### Stored data
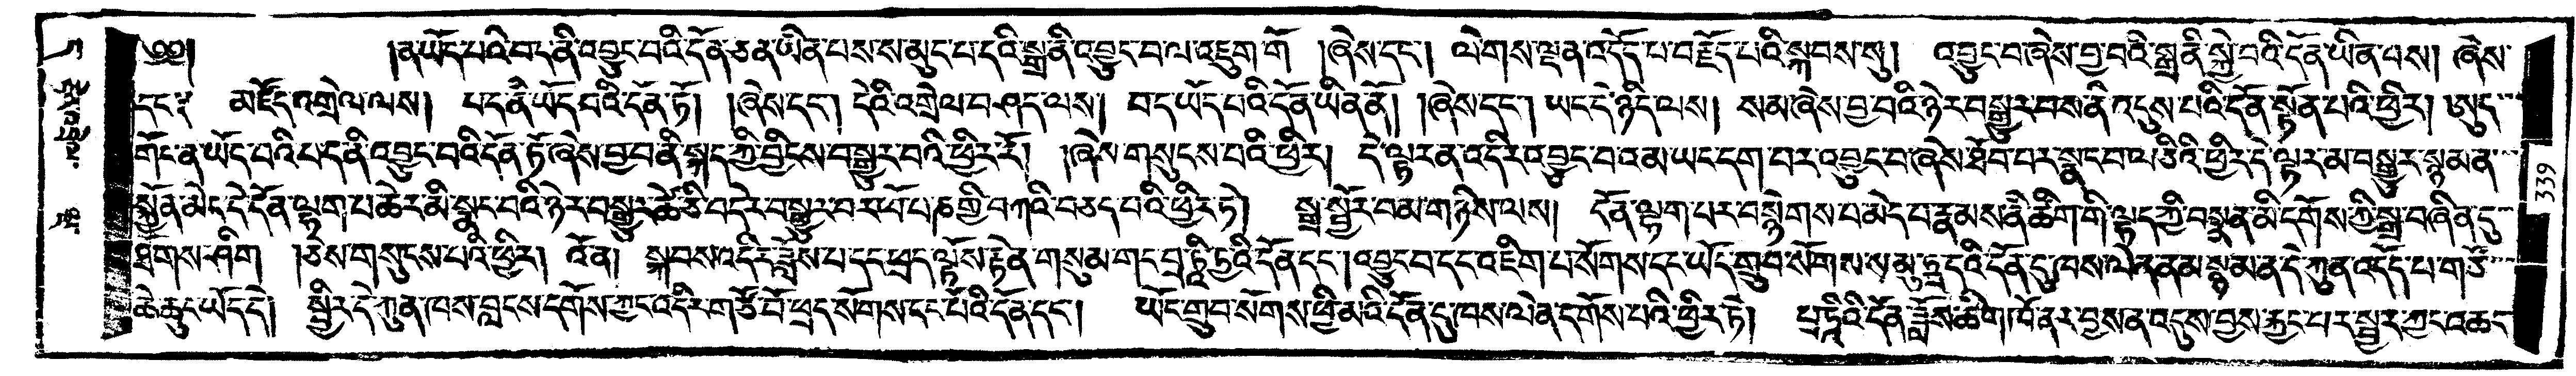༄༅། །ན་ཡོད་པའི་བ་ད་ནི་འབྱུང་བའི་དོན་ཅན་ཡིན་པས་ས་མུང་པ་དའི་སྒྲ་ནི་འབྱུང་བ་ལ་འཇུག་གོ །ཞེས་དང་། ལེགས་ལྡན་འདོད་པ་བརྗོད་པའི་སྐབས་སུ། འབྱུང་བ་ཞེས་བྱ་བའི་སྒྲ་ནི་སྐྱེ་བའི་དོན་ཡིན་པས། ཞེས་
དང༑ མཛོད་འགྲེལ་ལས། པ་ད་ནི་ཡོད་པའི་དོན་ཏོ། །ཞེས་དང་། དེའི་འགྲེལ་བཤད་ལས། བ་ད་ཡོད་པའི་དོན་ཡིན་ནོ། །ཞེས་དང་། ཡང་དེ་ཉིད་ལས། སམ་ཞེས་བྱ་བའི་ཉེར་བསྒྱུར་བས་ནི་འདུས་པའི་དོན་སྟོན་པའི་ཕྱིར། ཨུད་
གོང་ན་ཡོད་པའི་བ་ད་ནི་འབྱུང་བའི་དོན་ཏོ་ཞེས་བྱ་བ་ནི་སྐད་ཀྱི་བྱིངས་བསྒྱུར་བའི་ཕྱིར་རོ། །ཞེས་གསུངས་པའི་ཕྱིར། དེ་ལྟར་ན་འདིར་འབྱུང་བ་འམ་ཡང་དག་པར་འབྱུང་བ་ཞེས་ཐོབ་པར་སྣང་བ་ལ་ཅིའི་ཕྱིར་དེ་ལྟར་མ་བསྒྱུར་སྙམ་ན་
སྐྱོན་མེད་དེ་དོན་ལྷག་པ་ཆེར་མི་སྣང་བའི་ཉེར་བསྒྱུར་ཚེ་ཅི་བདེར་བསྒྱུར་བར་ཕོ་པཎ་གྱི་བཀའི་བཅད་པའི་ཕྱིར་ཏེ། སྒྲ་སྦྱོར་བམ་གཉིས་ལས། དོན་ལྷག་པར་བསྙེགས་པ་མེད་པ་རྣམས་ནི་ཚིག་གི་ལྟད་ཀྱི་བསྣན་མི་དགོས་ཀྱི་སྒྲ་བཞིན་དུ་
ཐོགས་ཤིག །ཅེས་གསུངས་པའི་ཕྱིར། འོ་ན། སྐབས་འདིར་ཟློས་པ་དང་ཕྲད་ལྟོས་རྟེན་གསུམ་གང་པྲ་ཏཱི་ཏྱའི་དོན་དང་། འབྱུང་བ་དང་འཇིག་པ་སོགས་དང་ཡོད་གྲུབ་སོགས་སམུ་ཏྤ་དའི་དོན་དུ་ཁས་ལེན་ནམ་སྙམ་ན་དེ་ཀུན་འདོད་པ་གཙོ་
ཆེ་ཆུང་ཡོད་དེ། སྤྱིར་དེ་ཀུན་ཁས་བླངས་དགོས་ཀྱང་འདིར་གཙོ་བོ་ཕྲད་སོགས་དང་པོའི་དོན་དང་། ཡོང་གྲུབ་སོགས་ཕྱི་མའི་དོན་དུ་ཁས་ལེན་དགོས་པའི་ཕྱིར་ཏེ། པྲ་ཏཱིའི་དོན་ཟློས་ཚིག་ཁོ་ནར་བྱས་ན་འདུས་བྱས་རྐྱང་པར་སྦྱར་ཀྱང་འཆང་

### Assignment
Write the listing above out again exactly, but not the images it holds.

### Result of the exercise
༄༅། །ན་ཡོད་པའི་བ་ད་ནི་འབྱུང་བའི་དོན་ཅན་ཡིན་པས་ས་མུང་པ་དའི་སྒྲ་ནི་འབྱུང་བ་ལ་འཇུག་གོ །ཞེས་དང་། ལེགས་ལྡན་འདོད་པ་བརྗོད་པའི་སྐབས་སུ། འབྱུང་བ་ཞེས་བྱ་བའི་སྒྲ་ནི་སྐྱེ་བའི་དོན་ཡིན་པས། ཞེས་
དང༑ མཛོད་འགྲེལ་ལས། པ་ད་ནི་ཡོད་པའི་དོན་ཏོ། །ཞེས་དང་། དེའི་འགྲེལ་བཤད་ལས། བ་ད་ཡོད་པའི་དོན་ཡིན་ནོ། །ཞེས་དང་། ཡང་དེ་ཉིད་ལས། སམ་ཞེས་བྱ་བའི་ཉེར་བསྒྱུར་བས་ནི་འདུས་པའི་དོན་སྟོན་པའི་ཕྱིར། ཨུད་
གོང་ན་ཡོད་པའི་བ་ད་ནི་འབྱུང་བའི་དོན་ཏོ་ཞེས་བྱ་བ་ནི་སྐད་ཀྱི་བྱིངས་བསྒྱུར་བའི་ཕྱིར་རོ། །ཞེས་གསུངས་པའི་ཕྱིར། དེ་ལྟར་ན་འདིར་འབྱུང་བ་འམ་ཡང་དག་པར་འབྱུང་བ་ཞེས་ཐོབ་པར་སྣང་བ་ལ་ཅིའི་ཕྱིར་དེ་ལྟར་མ་བསྒྱུར་སྙམ་ན་
སྐྱོན་མེད་དེ་དོན་ལྷག་པ་ཆེར་མི་སྣང་བའི་ཉེར་བསྒྱུར་ཚེ་ཅི་བདེར་བསྒྱུར་བར་ཕོ་པཎ་གྱི་བཀའི་བཅད་པའི་ཕྱིར་ཏེ། སྒྲ་སྦྱོར་བམ་གཉིས་ལས། དོན་ལྷག་པར་བསྙེགས་པ་མེད་པ་རྣམས་ནི་ཚིག་གི་ལྟད་ཀྱི་བསྣན་མི་དགོས་ཀྱི་སྒྲ་བཞིན་དུ་
ཐོགས་ཤིག །ཅེས་གསུངས་པའི་ཕྱིར། འོ་ན། སྐབས་འདིར་ཟློས་པ་དང་ཕྲད་ལྟོས་རྟེན་གསུམ་གང་པྲ་ཏཱི་ཏྱའི་དོན་དང་། འབྱུང་བ་དང་འཇིག་པ་སོགས་དང་ཡོད་གྲུབ་སོགས་སམུ་ཏྤ་དའི་དོན་དུ་ཁས་ལེན་ནམ་སྙམ་ན་དེ་ཀུན་འདོད་པ་གཙོ་
ཆེ་ཆུང་ཡོད་དེ། སྤྱིར་དེ་ཀུན་ཁས་བླངས་དགོས་ཀྱང་འདིར་གཙོ་བོ་ཕྲད་སོགས་དང་པོའི་དོན་དང་། ཡོང་གྲུབ་སོགས་ཕྱི་མའི་དོན་དུ་ཁས་ལེན་དགོས་པའི་ཕྱིར་ཏེ། པྲ་ཏཱིའི་དོན་ཟློས་ཚིག་ཁོ་ནར་བྱས་ན་འདུས་བྱས་རྐྱང་པར་སྦྱར་ཀྱང་འཆང་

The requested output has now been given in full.